L’interdiction de séjour est dénoncée par ses détracteurs comme un détournement de l’état d’urgence. Elle a essentiellement été déployée pendant le mouvement contre la loi travail, pour empêcher des militants soupçonnés de vouloir commettre des violences de rejoindre les cortèges. Il ne s’agissait donc pas de prévenir un risque d’attentat.
Le rétablissement des contrôles aux frontières et la fermeture administrative facilitée de lieux de culte ont aussi été dénoncés par les opposants à l’état d’urgence.
Jean-Baptiste Eyraud, cofondateur de l’association Droit au logement (DAL), a notamment estimé : « On sent que ce sont des mesures prises pour empêcher les réfugiés de mettre le pied sur le territoire français ».
Selon Christine Lazerges, présidente de la CNCDH, le projet de loi qui sera débattu au Sénat les 18 et 19 juillet « pollue le droit commun par des mesures d’exception », de surcroît « inutiles », alors que la justice peut déjà incriminer « l’acte préparatoire d’un acte préparatoire » d’un projet terroriste. « Ce n’est rien d’autre qu’un état d’urgence permanent avec quelques garanties de plus », dit-elle.

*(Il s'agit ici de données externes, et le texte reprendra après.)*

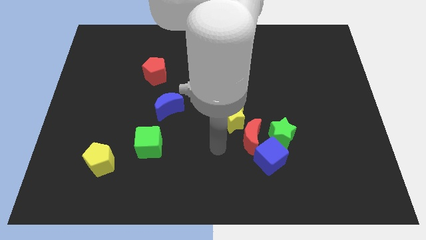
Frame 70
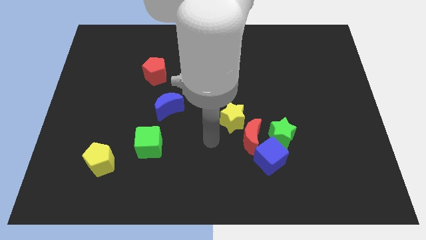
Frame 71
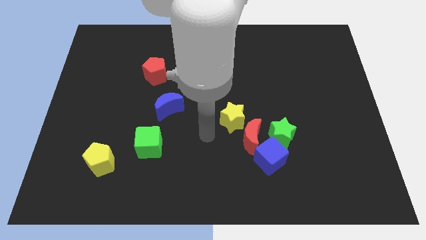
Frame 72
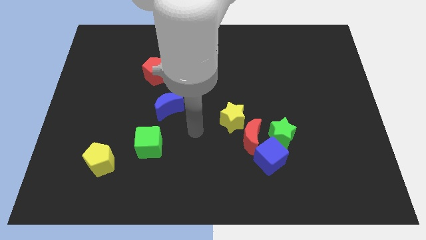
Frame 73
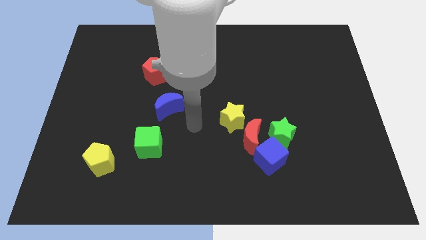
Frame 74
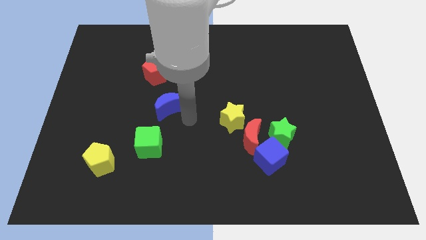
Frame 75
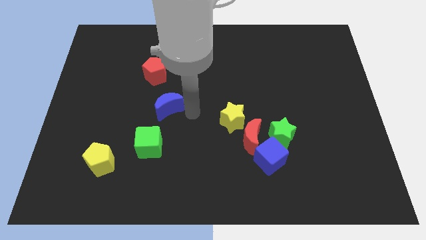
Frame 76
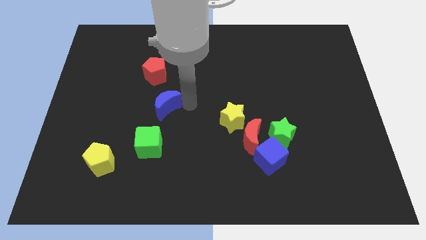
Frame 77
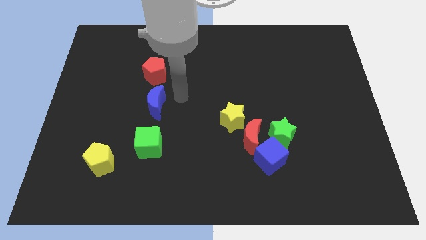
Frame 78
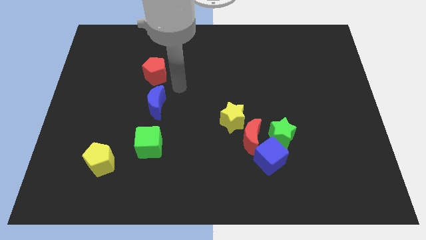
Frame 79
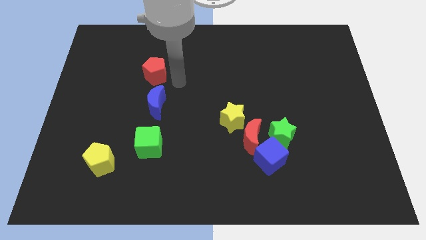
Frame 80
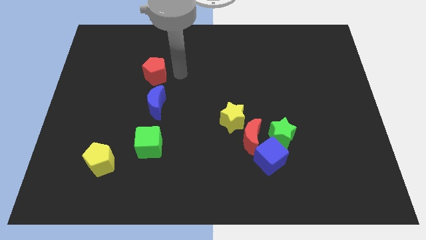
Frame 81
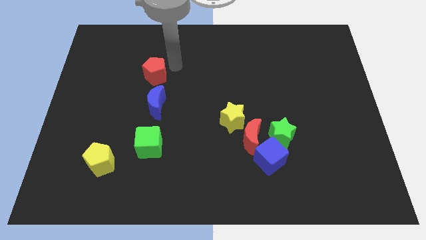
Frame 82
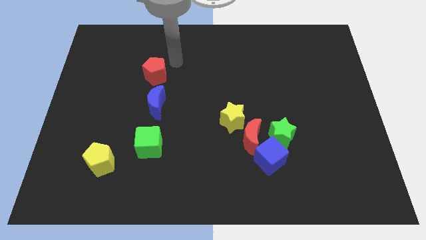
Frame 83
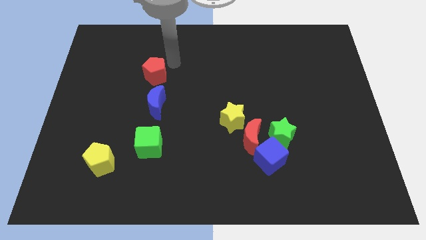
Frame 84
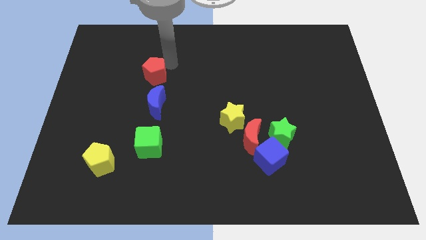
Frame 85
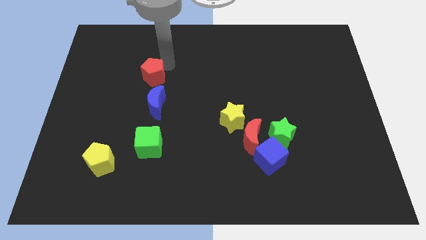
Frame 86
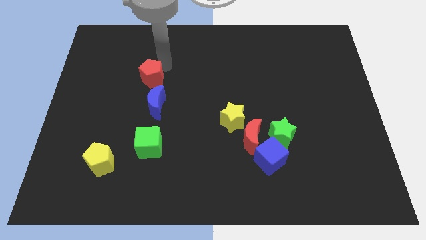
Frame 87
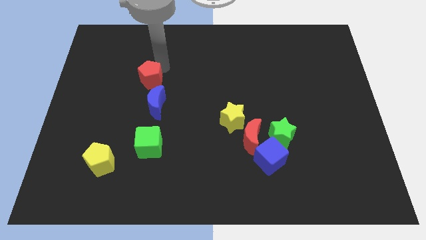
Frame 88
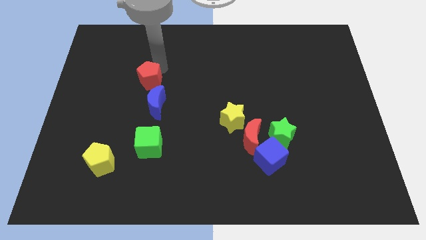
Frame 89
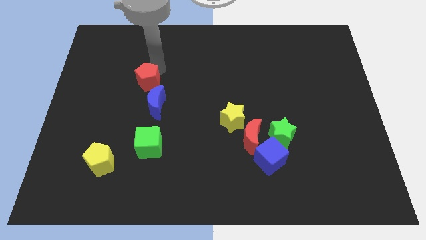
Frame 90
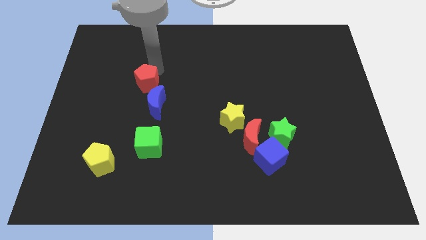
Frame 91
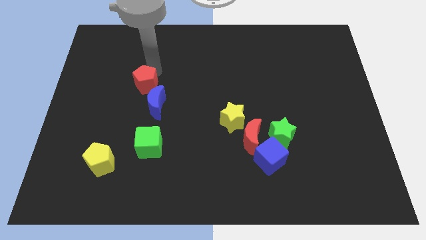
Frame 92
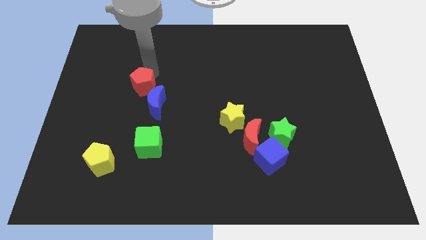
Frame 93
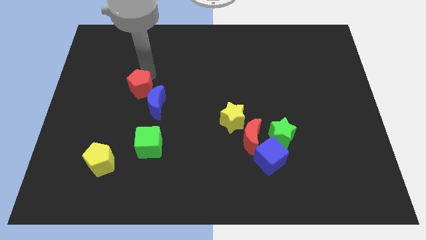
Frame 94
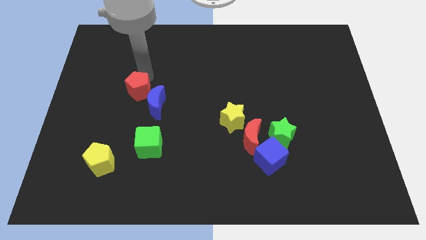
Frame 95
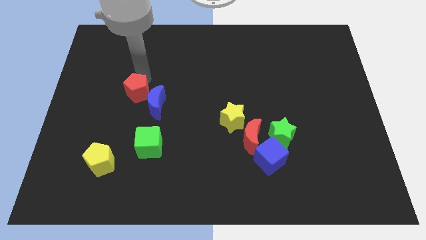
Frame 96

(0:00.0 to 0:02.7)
slide the red pentagon downwards and to the left a little

Même l’Eglise catholique s’en mêle. Elle est préoccupée par la rédaction de l’article 2 du projet de loi, permettant la fermeture de lieux de culte par le préfet « aux fins de prévention » d’actes terroristes. Pour la Conférence des évêques de France, cet article soulève « mille interrogations » et il risque d’altérer « l’esprit de la loi de 1905 » sur la séparation des Eglises et de l’Etat.
L’état d’urgence se définit essentiellement par 5 mesures: création de périmètre de protection, fermeture de lieu de culte, possibilité d’assignation à résidence, surveillance électronique et perquisition administrative.
Ce régime exceptionnel offre un pouvoir considérable aux autorités administratives qui peuvent désormais se passer de l’autorisation au préalable du juge judiciaire pour ordonner des mesures coercitives, ce qui est manifestement contraire à notre Constitution et, en particulier à son article 66 qui prévoit que « l’autorité judiciaire, gardienne de la liberté individuelle, assure le respect de ce principe dans les conditions prévues par la loi »
D’après un rapport de la Fédération internationale des droits de l’Homme, 3.579 perquisitions administratives ont eu lieu entre le 14 novembre 2015 et le 13 mai 2016.
Parmi ces dernières, 557 infractions ont été relevées dont uniquement 31 susceptibles de se rattacher au terrorisme et seulement 6 procédures ouvertes du chef d’association de malfaiteurs avec entreprise terroriste.
L’état d’urgence est donc manifestement utilisé par les autorités administratives pour répondre à d’autres fins et traduit de manière évidente un abus de pouvoir.